Look through the lines below; wherever the word "aerial" appears, copy that line.

○ ○ ○ ○

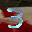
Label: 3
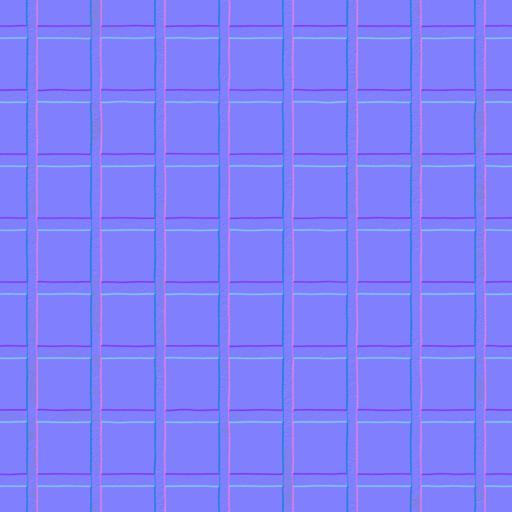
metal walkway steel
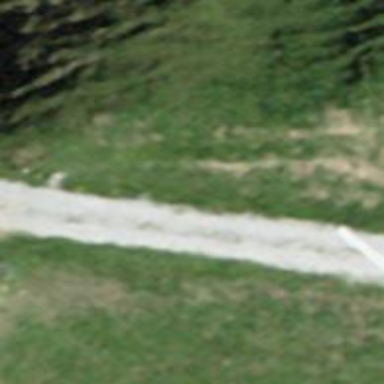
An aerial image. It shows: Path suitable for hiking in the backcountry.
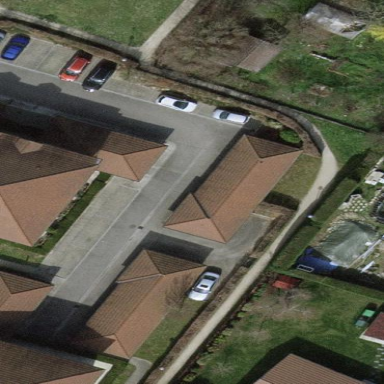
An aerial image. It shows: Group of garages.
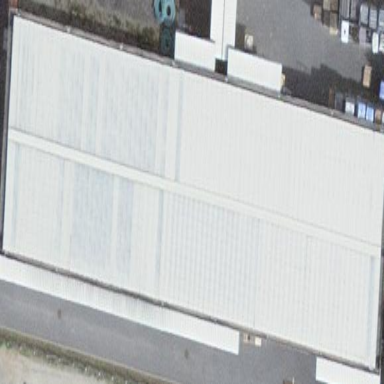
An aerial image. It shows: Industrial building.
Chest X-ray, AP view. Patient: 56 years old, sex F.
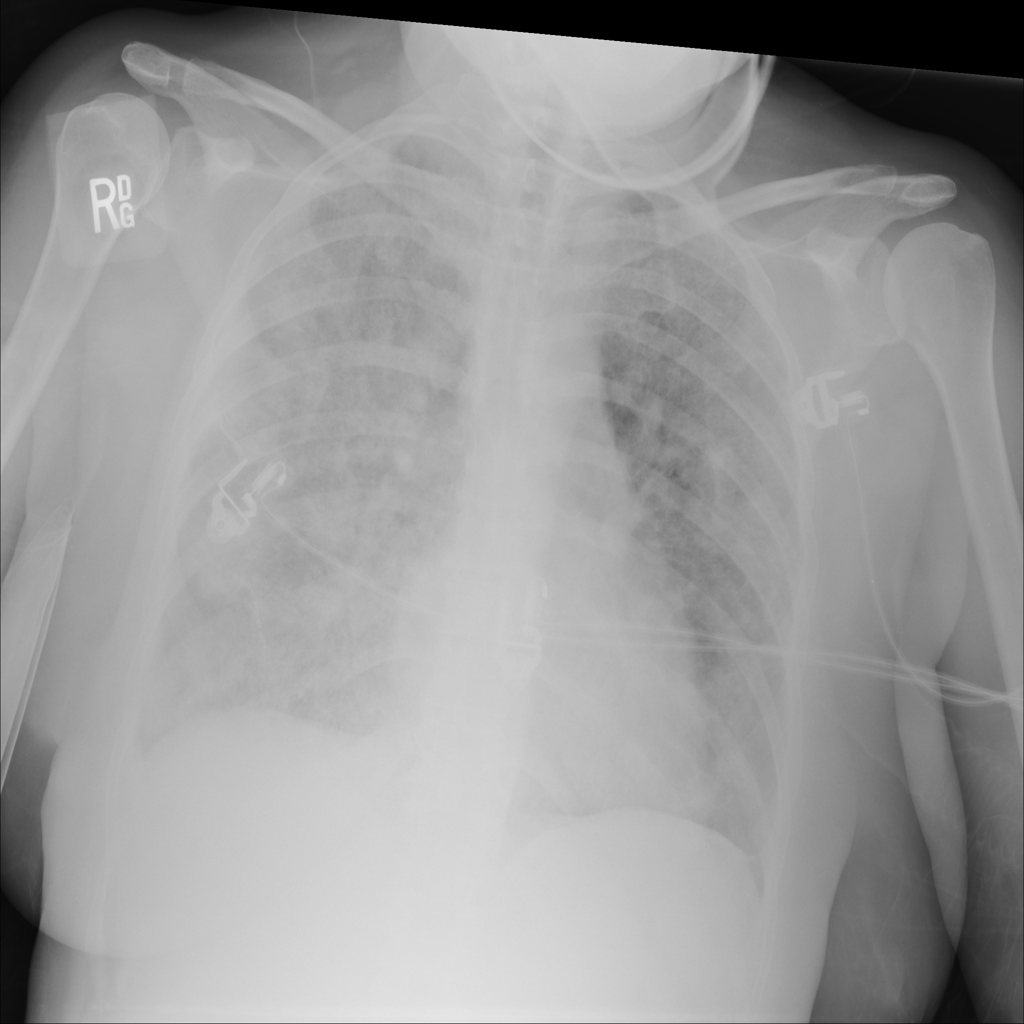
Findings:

○ ○ ○ ○

• _Finished exercise_:
An aerial image. It shows: Path suitable for hiking in the backcountry.
An aerial image. It shows: Group of garages.
An aerial image. It shows: Industrial building.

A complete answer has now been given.